Mayor of Antanifotsy
- Incumbent
- Assumed office 2019

Personal details
- Born: Tosiharilova Rajaona 6 April 1974 Antanifotsy, Madagascar
- Parent: Justin Rajaona (father);
- Alma mater: University of Bergen; Lycée Voltaire (Orléans) [fr];

= Lova Rajaona =

Mayor of Antanifotsy since 2019

Tosiharilova Rajaona (born 6 April 1974) is a Malagasy politician who has served as the mayor of Antanifotsy since 2019. Born and raised in Antanifotsy, she moved to France and later Norway to pursue her secondary and post-secondary studies abroad. She ultimately chose to stay in Norway and start a family there, making regular trips to her hometown to run local community projects through her Bluways organisation. After spending nearly two decades in Norway, Rajaona returned to Antanifotsy to run for political office, believing that she could do more for her hometown in a position of power. She was elected mayor of Antanifotsy in 2019.

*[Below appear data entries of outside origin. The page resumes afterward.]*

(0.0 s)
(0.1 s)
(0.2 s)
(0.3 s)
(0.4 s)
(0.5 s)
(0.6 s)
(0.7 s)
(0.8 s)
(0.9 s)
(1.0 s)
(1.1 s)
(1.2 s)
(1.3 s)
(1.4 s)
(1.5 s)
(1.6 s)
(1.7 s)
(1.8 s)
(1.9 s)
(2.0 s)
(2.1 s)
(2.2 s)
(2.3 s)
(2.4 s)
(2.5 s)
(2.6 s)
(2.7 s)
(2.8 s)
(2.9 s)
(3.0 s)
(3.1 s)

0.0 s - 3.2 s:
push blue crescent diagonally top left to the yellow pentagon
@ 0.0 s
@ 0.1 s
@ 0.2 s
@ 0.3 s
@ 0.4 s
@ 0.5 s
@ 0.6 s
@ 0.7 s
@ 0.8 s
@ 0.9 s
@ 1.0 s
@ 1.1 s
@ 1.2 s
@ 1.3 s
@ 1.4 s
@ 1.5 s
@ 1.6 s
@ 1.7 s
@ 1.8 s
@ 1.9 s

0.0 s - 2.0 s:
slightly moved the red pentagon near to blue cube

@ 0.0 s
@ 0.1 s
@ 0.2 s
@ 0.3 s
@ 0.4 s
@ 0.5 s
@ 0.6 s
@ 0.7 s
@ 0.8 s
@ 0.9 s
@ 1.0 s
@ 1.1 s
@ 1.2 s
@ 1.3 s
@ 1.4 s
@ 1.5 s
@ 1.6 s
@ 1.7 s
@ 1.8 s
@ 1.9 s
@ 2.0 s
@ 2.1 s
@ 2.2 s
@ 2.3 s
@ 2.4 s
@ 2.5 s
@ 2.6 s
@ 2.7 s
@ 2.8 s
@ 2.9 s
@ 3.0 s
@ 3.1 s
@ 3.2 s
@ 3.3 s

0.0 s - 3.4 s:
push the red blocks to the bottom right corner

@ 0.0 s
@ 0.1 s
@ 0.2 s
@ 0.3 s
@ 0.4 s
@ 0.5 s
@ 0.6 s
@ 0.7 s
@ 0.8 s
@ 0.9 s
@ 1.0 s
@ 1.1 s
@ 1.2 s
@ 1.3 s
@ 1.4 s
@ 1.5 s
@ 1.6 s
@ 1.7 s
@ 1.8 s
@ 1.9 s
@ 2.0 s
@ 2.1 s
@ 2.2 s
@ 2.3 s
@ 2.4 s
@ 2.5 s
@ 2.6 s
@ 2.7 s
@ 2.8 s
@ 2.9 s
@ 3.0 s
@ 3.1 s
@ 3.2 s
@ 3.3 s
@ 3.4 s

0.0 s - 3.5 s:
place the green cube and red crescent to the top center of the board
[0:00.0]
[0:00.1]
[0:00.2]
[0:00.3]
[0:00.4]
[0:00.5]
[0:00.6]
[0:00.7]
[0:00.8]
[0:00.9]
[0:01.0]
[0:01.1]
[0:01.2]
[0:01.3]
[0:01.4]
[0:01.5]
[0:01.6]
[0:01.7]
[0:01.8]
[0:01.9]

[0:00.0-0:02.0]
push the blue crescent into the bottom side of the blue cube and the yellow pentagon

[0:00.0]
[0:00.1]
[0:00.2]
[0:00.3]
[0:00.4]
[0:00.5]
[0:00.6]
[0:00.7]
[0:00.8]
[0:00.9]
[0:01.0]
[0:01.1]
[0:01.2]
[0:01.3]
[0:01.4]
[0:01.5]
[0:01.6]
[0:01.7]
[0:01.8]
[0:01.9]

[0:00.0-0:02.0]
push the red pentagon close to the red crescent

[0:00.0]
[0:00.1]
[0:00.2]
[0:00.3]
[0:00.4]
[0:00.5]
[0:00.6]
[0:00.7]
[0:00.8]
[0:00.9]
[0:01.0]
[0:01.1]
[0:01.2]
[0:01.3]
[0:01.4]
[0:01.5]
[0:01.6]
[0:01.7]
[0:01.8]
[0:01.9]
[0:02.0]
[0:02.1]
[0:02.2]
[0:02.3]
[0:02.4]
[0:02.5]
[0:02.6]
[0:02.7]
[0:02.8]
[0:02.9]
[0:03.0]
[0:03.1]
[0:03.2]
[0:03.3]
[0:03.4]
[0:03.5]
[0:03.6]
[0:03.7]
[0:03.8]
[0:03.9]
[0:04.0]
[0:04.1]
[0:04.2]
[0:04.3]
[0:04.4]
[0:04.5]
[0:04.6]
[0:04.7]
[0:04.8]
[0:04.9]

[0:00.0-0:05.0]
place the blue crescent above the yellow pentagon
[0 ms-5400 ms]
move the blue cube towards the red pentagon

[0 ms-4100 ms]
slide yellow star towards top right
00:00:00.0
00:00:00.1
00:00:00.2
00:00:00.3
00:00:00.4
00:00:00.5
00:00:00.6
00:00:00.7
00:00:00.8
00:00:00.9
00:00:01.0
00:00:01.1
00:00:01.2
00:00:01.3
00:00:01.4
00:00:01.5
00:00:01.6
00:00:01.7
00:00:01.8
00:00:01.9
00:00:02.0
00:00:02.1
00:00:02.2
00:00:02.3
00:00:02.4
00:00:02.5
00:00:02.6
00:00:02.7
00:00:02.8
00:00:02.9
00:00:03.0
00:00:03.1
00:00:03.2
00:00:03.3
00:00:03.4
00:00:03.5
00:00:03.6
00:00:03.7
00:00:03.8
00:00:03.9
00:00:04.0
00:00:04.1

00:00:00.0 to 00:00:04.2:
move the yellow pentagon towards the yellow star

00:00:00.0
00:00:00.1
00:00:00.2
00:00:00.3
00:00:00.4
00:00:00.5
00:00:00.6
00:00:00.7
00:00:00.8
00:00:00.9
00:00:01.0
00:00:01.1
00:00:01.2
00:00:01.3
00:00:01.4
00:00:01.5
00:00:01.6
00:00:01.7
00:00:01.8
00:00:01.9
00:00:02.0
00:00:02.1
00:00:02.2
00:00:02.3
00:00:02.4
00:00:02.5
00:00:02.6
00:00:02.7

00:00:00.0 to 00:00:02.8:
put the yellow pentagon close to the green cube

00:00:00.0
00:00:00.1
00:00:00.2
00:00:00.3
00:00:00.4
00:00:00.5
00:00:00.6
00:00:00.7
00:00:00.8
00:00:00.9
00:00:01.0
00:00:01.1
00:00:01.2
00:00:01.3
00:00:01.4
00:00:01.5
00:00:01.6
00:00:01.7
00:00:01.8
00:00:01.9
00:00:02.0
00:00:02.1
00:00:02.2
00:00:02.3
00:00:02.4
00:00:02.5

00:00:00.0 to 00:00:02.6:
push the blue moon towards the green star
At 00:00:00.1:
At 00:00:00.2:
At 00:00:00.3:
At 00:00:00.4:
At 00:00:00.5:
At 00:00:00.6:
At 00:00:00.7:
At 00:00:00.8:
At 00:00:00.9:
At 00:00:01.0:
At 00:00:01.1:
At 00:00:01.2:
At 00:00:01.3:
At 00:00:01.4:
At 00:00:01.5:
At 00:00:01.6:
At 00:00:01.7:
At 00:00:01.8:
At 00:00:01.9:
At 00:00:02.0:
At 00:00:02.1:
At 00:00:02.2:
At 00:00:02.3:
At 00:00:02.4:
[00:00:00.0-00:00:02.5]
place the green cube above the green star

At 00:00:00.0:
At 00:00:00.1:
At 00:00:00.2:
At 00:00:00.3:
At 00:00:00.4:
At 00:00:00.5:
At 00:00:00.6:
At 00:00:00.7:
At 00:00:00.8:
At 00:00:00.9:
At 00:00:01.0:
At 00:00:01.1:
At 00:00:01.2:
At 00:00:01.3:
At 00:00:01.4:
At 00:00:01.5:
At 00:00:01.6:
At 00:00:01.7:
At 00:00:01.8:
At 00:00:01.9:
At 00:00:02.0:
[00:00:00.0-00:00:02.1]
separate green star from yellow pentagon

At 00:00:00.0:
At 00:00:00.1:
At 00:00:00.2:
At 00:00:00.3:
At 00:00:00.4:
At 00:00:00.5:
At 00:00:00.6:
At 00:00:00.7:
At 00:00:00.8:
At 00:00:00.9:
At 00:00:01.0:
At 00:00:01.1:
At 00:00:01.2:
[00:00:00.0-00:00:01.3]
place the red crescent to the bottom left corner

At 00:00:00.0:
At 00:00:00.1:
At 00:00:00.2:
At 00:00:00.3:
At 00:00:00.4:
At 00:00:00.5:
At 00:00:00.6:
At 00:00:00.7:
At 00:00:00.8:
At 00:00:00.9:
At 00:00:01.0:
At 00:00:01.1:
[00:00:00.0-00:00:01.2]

== Early life and education ==
Tosiharilova Rajaona was born on 6 April 1974 in the rural commune of Antanifotsy. Her father was Justin Rajaona, previously the member of parliament for Antanifotsy. After finishing her second year of secondary school in Madagascar, Rajaona moved to France where she studied at Lycée Voltaire in Orléans. She then moved to Norway to continue her secondary and post-secondary studies. She graduated from the University of Bergen and thereafter chose to settle in Norway, starting a family there. She founded the Blueways organisation to combat poverty in Madagascar through community projects, particularly in the field of education. Rajaona's regular trips to her hometown, in which she observed growing poverty and deteriorating living conditions, eventually convinced her to return to Madagascar after nearly two decades in Norway.

== Political career ==
Rajaona hoped to "contribute to the reconstruction" of Antanifotsy through political office. A few months after she returned to Madagascar in 2019, the country held national and local elections, including the mayoral race for Antanifotsy. Following her father's footsteps, she declined a job offer as a deputy and pursued electoral politics, running in and winning the mayoral race in her hometown. Rajaona became the first woman mayor of Antanifotsy. Upon accepting her mandate, Rajaona said, "My father did his part for the population, and now it's my turn to do mine."

Rajaona launched an ambitious reform program shortly after becoming mayor. She aimed to combat corruption and improve the efficiency of the local administration by providing online services. The first breakthrough of her mayorship was the acceleration of the process for citizens to obtain copies of their civil documents. Rajaona celebrated her administration's achievement by saying, "Before, it took a week. Today, 15 minutes is enough." She credited the initiative's success to the personnel management skills she learned in Norway.

Rajaona's early efforts to create a sense of community and collective responsibility in Antanifotsy were less successful. According to Rajaona, residents were not responsive to her campaign to clean up the commune's streets, particularly the waste around the town hall. In response, Rajaona participated in communal baths and began community discussions on development to connect with the local populace. She also encouraged her colleagues in the local administration to do the same. She later stated that the goal was to have citizens familiarise themselves with the local authorities, so that they may work together effectively. One consequence of this initiative was an increase in the observance of tax collection, which rose from almost nothing at the start of Rajaona's mandate to 70% near the end.

Rajaona met with several national ministers throughout her tenure to discuss the revitalisation and development of Antanifotsy.